• **Directions**
In the records below, find the line holding "Character: 𮰷"; copy it and every line after it to the end, omitting all images.

• **Material supplied**
☆ ☆ ☆

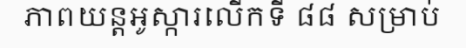
ភាពយន្តអូស្ការលើកទី ៨៨ សម្រាប់
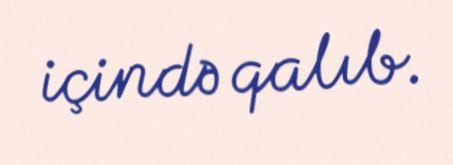
içində qalıb.
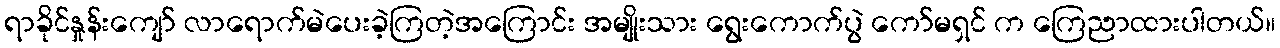
ရာခိုင်နှုန်းကျော် လာရောက်မဲပေးခဲ့ကြတဲ့အကြောင်း အမျိုးသား ရွေးကောက်ပွဲ ကော်မရှင် က ကြေညာထားပါတယ်။
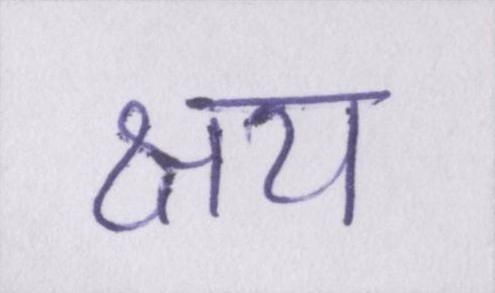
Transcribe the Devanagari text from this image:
क्षय
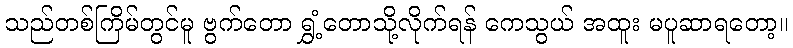
သည်တစ်ကြိမ်တွင်မူ ဗွက်တော ရွှံ့တောသို့လိုက်ရန် ကေသွယ် အထူး မပူဆာရတော့။
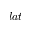
l a t
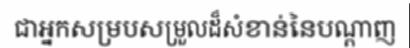
ជាអ្នកសម្របសម្រួលដ៏សំខាន់នៃបណ្តាញ
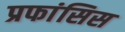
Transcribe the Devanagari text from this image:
प्रफांसिस
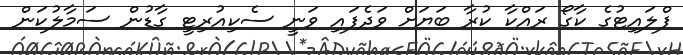
ފްލައިޓުގެ ކާގޯ ރައްކާ ކުރާ ބަޔަށް ވަދެފައި ވަނީ ސެކިއުރިޓީ ގާޑުން ސަމާލުކަން
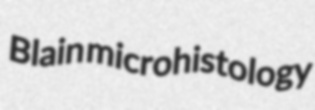
Blain microhistology
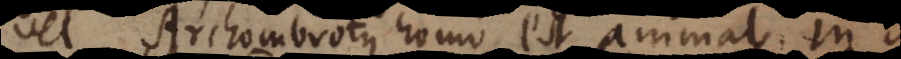
vel Archombrotus homo est animal. In
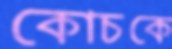
কোচকে
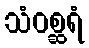
သံဝစ္ဆရံ
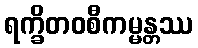
ရက္ခိတဝစီကမ္မန္တဿ
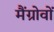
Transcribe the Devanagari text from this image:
मैंग्रोवों
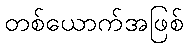
တစ်ယောက်အဖြစ်
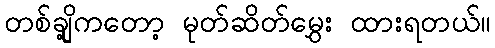
တစ်ချို့ကတော့ မုတ်ဆိတ်မွှေး ထားရတယ်။
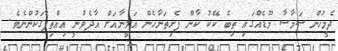
ދެމީހުން ސަމާސާ މޫޑެއްގައި ތިބެ ކޭކު ކާން ފެށިތަނާހެން އަލީނާއަށް އާދެވުނީ އިއްތިފާގަކުންނެވެ.
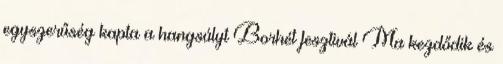
egyszerűség kapta a hangsúlyt Borhét fesztivál Ma kezdődik és
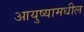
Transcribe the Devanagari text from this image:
आयुष्यामधील
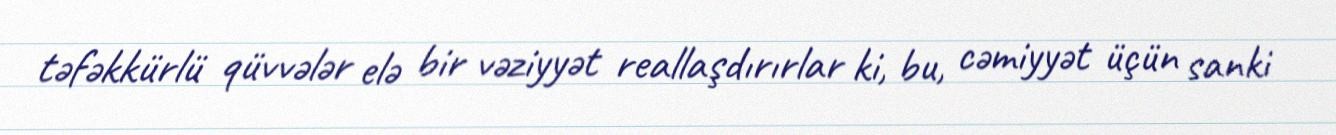
təfəkkürlü qüvvələr elə bir vəziyyət reallaşdırırlar ki, bu, cəmiyyət üçün sanki
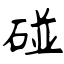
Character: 碰
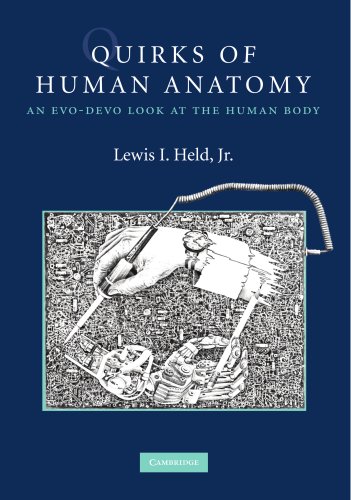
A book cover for Quirks of Human Anatomy: An Evo-Devo Look at the Human Body; Lewis I. Held  Jr; Medical Books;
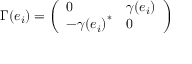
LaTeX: \Gamma ( e _ { i } ) = \left( \begin{array} { l l } { { 0 } } & { { \gamma ( e _ { i } ) } } \\ { { - { \gamma ( e _ { i } ) } ^ { * } } } & { { 0 } } \end{array} \right)
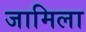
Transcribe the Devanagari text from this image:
जामिला
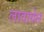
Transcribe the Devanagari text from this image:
लावायेल
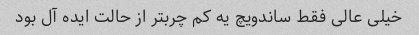
خیلی عالی فقط ساندویچ یه کم چربتر از حالت ایده آل بود
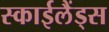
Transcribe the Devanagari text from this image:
स्‍काईलैंड्स
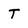
Character: t
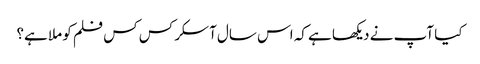
کیا آپ نے دیکھا ہے کہ اس سال آسکر کس کس فلم کو ملا ہے؟
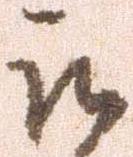
被
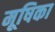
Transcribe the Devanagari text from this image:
मूषिका
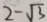
2 - \sqrt { 3 }
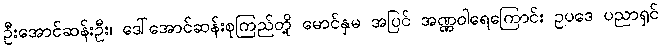
ဦးအောင်ဆန်းဦး၊ ဒေါ်အောင်ဆန်းစုကြည်တို့ မောင်နှမ အပြင် အဏ္ဏဝါရေကြောင်း ဥပဒေ ပညာရှင်
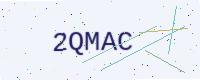
Text: 2QMAC
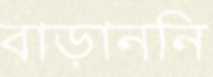
বাড়াননি
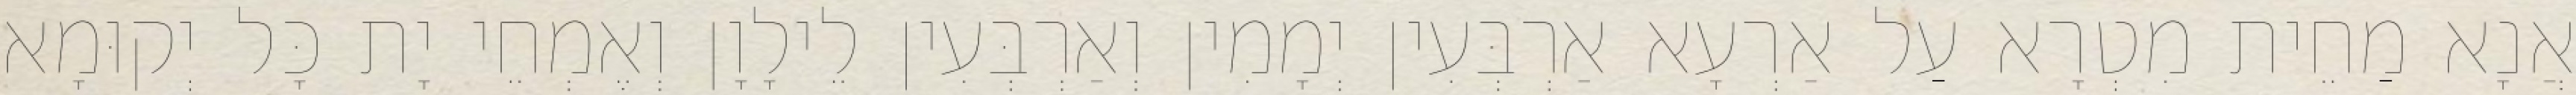
אֲנָא מַחֵית מִטְרָא עַל אַרְעָא אַרְבְּעִין יְמָמִין וְאַרְבְּעִין לֵילָוָן וְאֶמְחֵי יָת כָּל יְקוּמָא
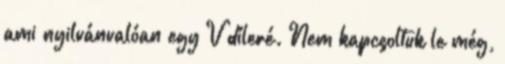
ami nyilvánvalóan egy V díleré. Nem kapcsoltuk le még,
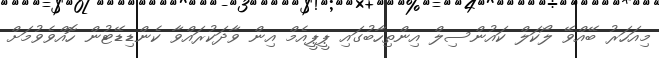
މިއަހަރު ބޭއްވޭ ލޯކަލް ކައުންސިލް އިންތިހާބުގައި ޕީޕީއެމް އިން ވާދަކުރައްވާ ކެންޑިޑޭޓުން ހޮއްވެވުމަށް
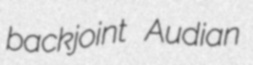
backjoint Audian
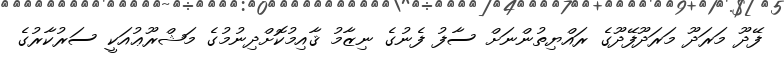
ފޭދޫ މަރަދޫ މަރަދޫފޭދޫގެ ރައްޔިތުންނަށް ސާފު ފެނުގެ ނިޒާމު ޤާއިމުކޮށްދިނުމުގެ މަޝްރޫޢުއަކީ ސަރުކާރުގެ
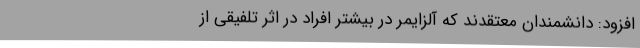
افزود: دانشمندان معتقدند که آلزایمر در بیشتر افراد در اثر تلفیقی از
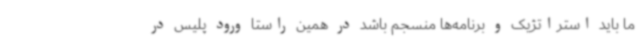
ما باید استراتژیک و برنامه‌ها منسجم باشد در همین راستا ورود پلیس در
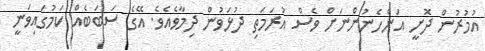
އުމުރުން ދޮށީ އަންހެނުންނަށް ވެސް އުރަމަތި ދުޅަވުން ދިމާވެއެވެ. އޭގެ ސަބަބެއް ކަމުގައިވަނީ
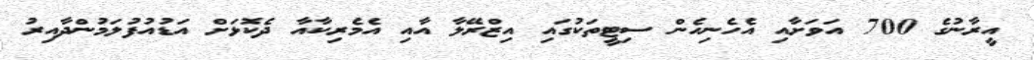
އީރާނުގެ 700 އަވަށާއި އެހެނިހެން ސިޓީތަކުގައި އިޒްރޭލާ އާއި އެމެރިކާއާ ދެކޮޅަށް އަޑުއުފުލަމުންދާއިރު
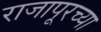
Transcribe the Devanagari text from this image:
राजापूरच्या
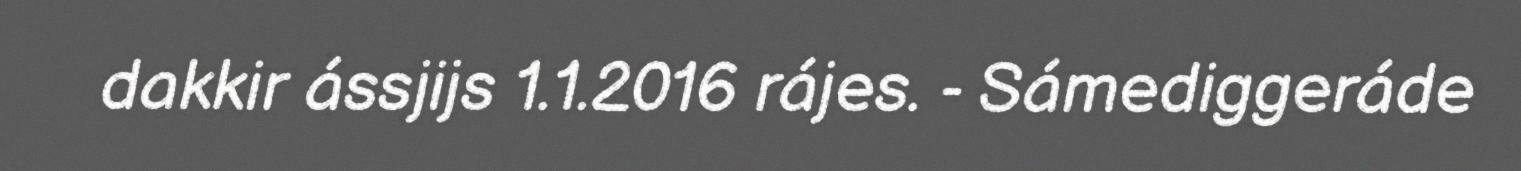
dakkir ássjijs 1.1.2016 rájes. - Sámediggeráde
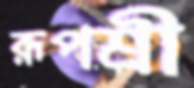
রূপশ্রী
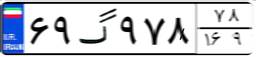
۶۹گ۹۷۸۷۸
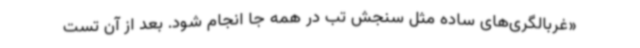
«غربالگری‌های ساده مثل سنجش تب در همه جا انجام شود. بعد از آن تست
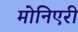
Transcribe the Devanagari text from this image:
मोनिएरी
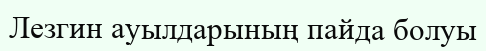
Лезгин ауылдарының пайда болуы
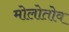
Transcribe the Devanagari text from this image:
मोलोतोव
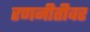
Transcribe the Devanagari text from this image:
रणनीतीवर
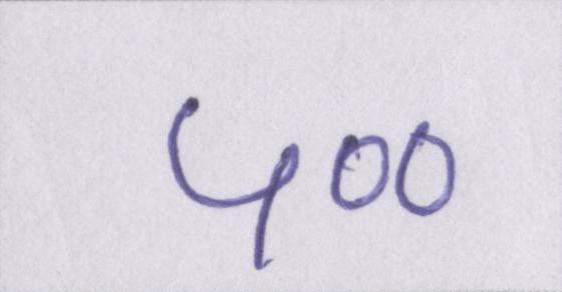
५००
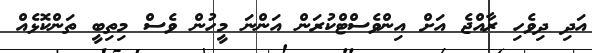
އަދި ދިވެހި ރާއްޖެ އަށް އިންވެސްޓްކުރަން އަންނަ މީހުން ވެސް މިތިބީ ތަންކޮޅެއް
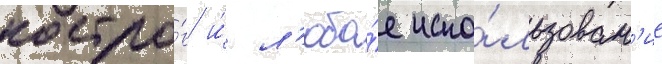
костро́в и́ л'юбо́е испо́льзован'ие
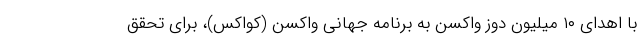
با اهدای ۱۰ میلیون دوز واکسن به برنامه جهانی واکسن (کواکس)، برای تحقق
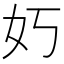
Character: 𮰷
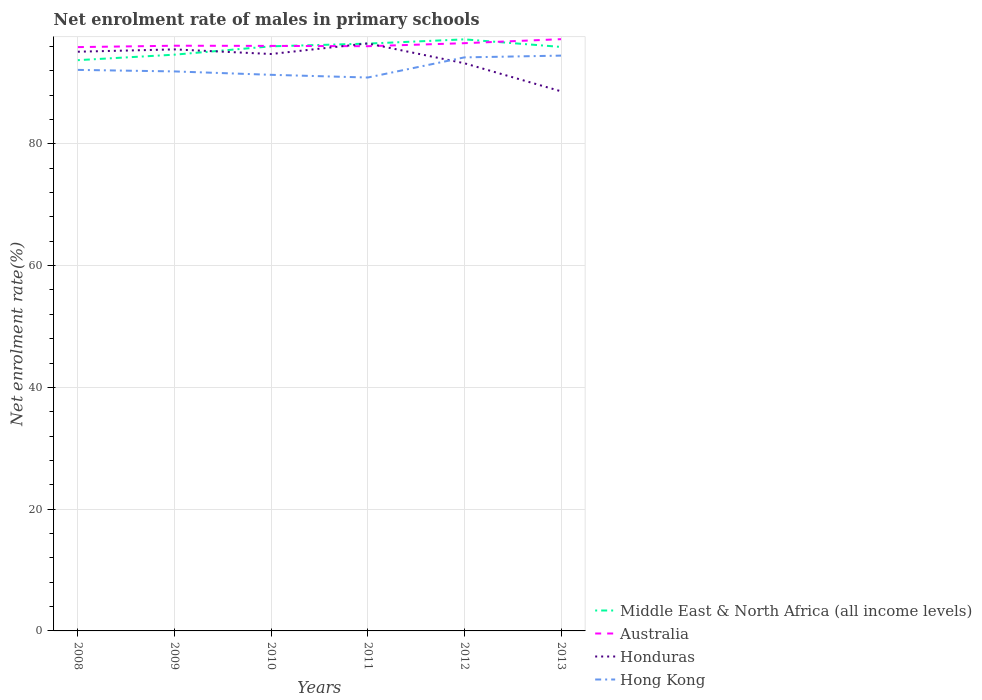
| Years | Middle East & North Africa (all income levels) | Australia | Honduras | Hong Kong |
 | --- | --- | --- | --- | --- |
 | 2008 | 93.7 | 95.9 | 95.1 | 92.1 |
 | 2009 | 94.6 | 96.1 | 95.5 | 91.9 |
 | 2010 | 96 | 96.1 | 94.8 | 91.3 |
 | 2011 | 96.5 | 96 | 96.5 | 90.9 |
 | 2012 | 97.2 | 96.5 | 93.2 | 94.2 |
 | 2013 | 95.9 | 97.2 | 88.6 | 94.5 |
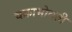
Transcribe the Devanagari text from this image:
चक्राभोवती
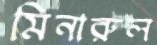
মিনারুল
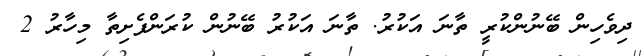
ދިވެހިން ބޭނުންކުރީ ތާނަ އަކުރު. ތާނަ އަކުރު ބޭނުން ކުރަންފެށިތާ މިހާރު 2
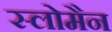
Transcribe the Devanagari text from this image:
स्लोमैन
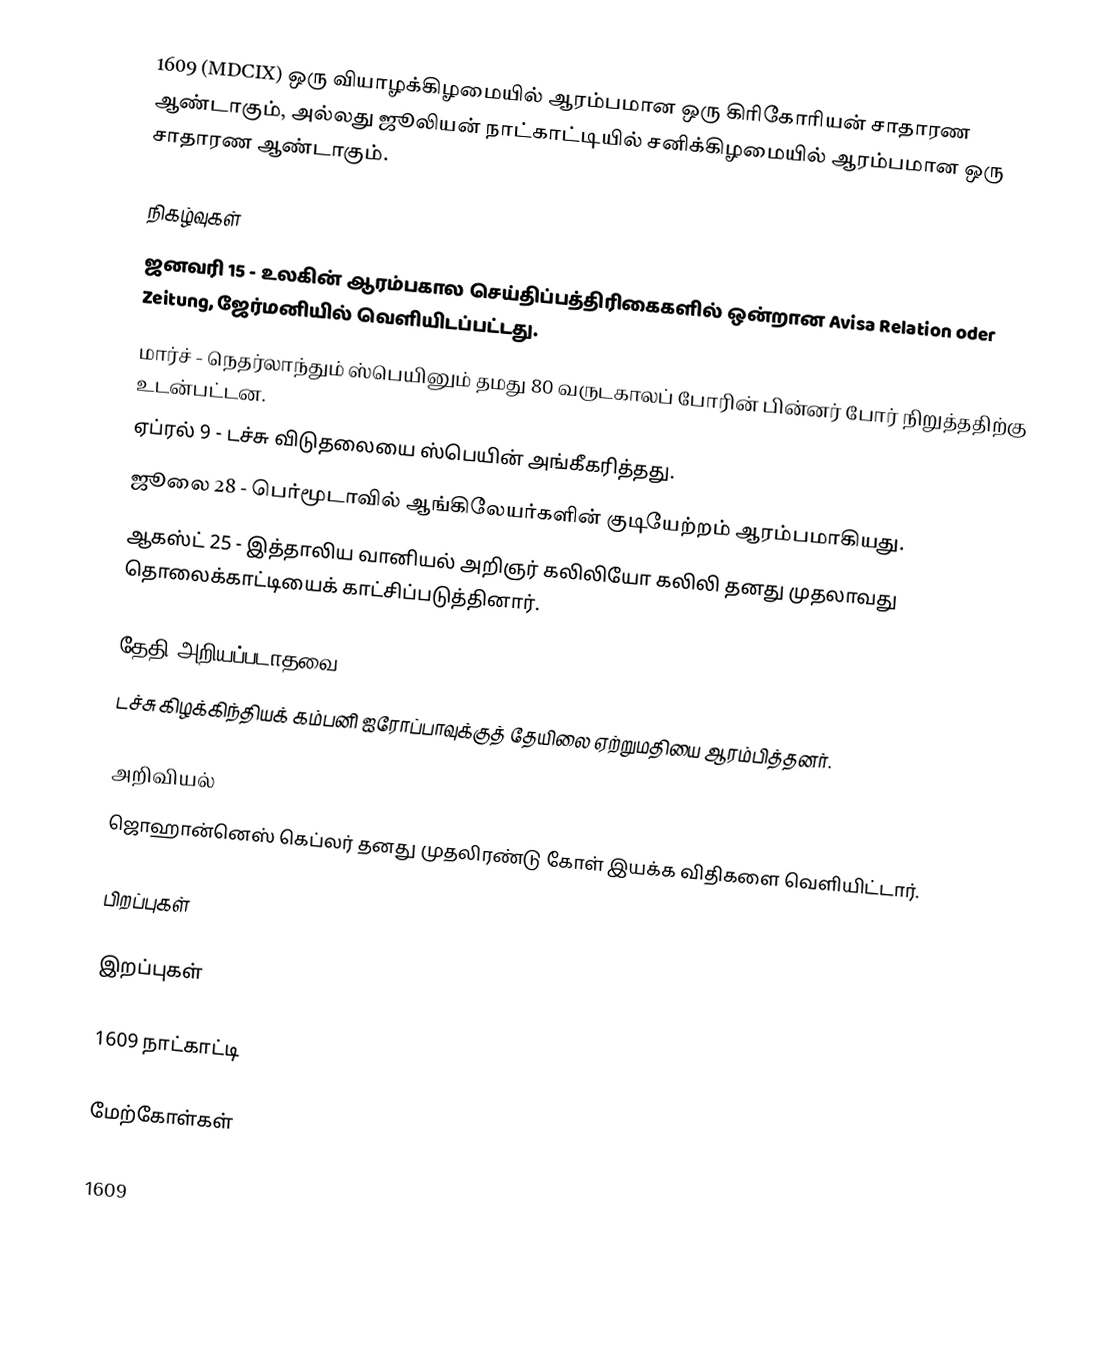
1609 (MDCIX) ஒரு வியாழக்கிழமையில் ஆரம்பமான ஒரு கிரிகோரியன் சாதாரண ஆண்டாகும், அல்லது ஜூலியன் நாட்காட்டியில் சனிக்கிழமையில் ஆரம்பமான ஒரு சாதாரண ஆண்டாகும்.

நிகழ்வுகள்
 ஜனவரி 15 - உலகின் ஆரம்பகால செய்திப்பத்திரிகைகளில் ஒன்றான Avisa Relation oder Zeitung, ஜேர்மனியில் வெளியிடப்பட்டது.
 மார்ச் - நெதர்லாந்தும் ஸ்பெயினும் தமது 80 வருடகாலப் போரின் பின்னர் போர் நிறுத்ததிற்கு உடன்பட்டன.
 ஏப்ரல் 9 - டச்சு விடுதலையை ஸ்பெயின் அங்கீகரித்தது.
 ஜூலை 28 - பெர்மூடாவில் ஆங்கிலேயர்களின் குடியேற்றம் ஆரம்பமாகியது.
 ஆகஸ்ட் 25 - இத்தாலிய வானியல் அறிஞர் கலிலியோ கலிலி தனது முதலாவது தொலைக்காட்டியைக் காட்சிப்படுத்தினார்.

தேதி அறியப்படாதவை
 டச்சு கிழக்கிந்தியக் கம்பனி ஐரோப்பாவுக்குத் தேயிலை ஏற்றுமதியை ஆரம்பித்தனர்.

அறிவியல்
 ஜொஹான்னெஸ் கெப்லர் தனது முதலிரண்டு கோள் இயக்க விதிகளை வெளியிட்டார்.

பிறப்புகள்

இறப்புகள்

1609 நாட்காட்டி

மேற்கோள்கள்

1609

☆ ☆ ☆

• **Task response**
Character: 𮰷
| Years | Middle East & North Africa (all income levels) | Australia | Honduras | Hong Kong |
 | --- | --- | --- | --- | --- |
 | 2008 | 93.7 | 95.9 | 95.1 | 92.1 |
 | 2009 | 94.6 | 96.1 | 95.5 | 91.9 |
 | 2010 | 96 | 96.1 | 94.8 | 91.3 |
 | 2011 | 96.5 | 96 | 96.5 | 90.9 |
 | 2012 | 97.2 | 96.5 | 93.2 | 94.2 |
 | 2013 | 95.9 | 97.2 | 88.6 | 94.5 |
Transcribe the Devanagari text from this image:
चक्राभोवती
মিনারুল
ދިވެހިން ބޭނުންކުރީ ތާނަ އަކުރު. ތާނަ އަކުރު ބޭނުން ކުރަންފެށިތާ މިހާރު 2
Transcribe the Devanagari text from this image:
स्लोमैन
1609 (MDCIX) ஒரு வியாழக்கிழமையில் ஆரம்பமான ஒரு கிரிகோரியன் சாதாரண ஆண்டாகும், அல்லது ஜூலியன் நாட்காட்டியில் சனிக்கிழமையில் ஆரம்பமான ஒரு சாதாரண ஆண்டாகும்.

நிகழ்வுகள்
 ஜனவரி 15 - உலகின் ஆரம்பகால செய்திப்பத்திரிகைகளில் ஒன்றான Avisa Relation oder Zeitung, ஜேர்மனியில் வெளியிடப்பட்டது.
 மார்ச் - நெதர்லாந்தும் ஸ்பெயினும் தமது 80 வருடகாலப் போரின் பின்னர் போர் நிறுத்ததிற்கு உடன்பட்டன.
 ஏப்ரல் 9 - டச்சு விடுதலையை ஸ்பெயின் அங்கீகரித்தது.
 ஜூலை 28 - பெர்மூடாவில் ஆங்கிலேயர்களின் குடியேற்றம் ஆரம்பமாகியது.
 ஆகஸ்ட் 25 - இத்தாலிய வானியல் அறிஞர் கலிலியோ கலிலி தனது முதலாவது தொலைக்காட்டியைக் காட்சிப்படுத்தினார்.

தேதி அறியப்படாதவை
 டச்சு கிழக்கிந்தியக் கம்பனி ஐரோப்பாவுக்குத் தேயிலை ஏற்றுமதியை ஆரம்பித்தனர்.

அறிவியல்
 ஜொஹான்னெஸ் கெப்லர் தனது முதலிரண்டு கோள் இயக்க விதிகளை வெளியிட்டார்.

பிறப்புகள்

இறப்புகள்

1609 நாட்காட்டி

மேற்கோள்கள்

1609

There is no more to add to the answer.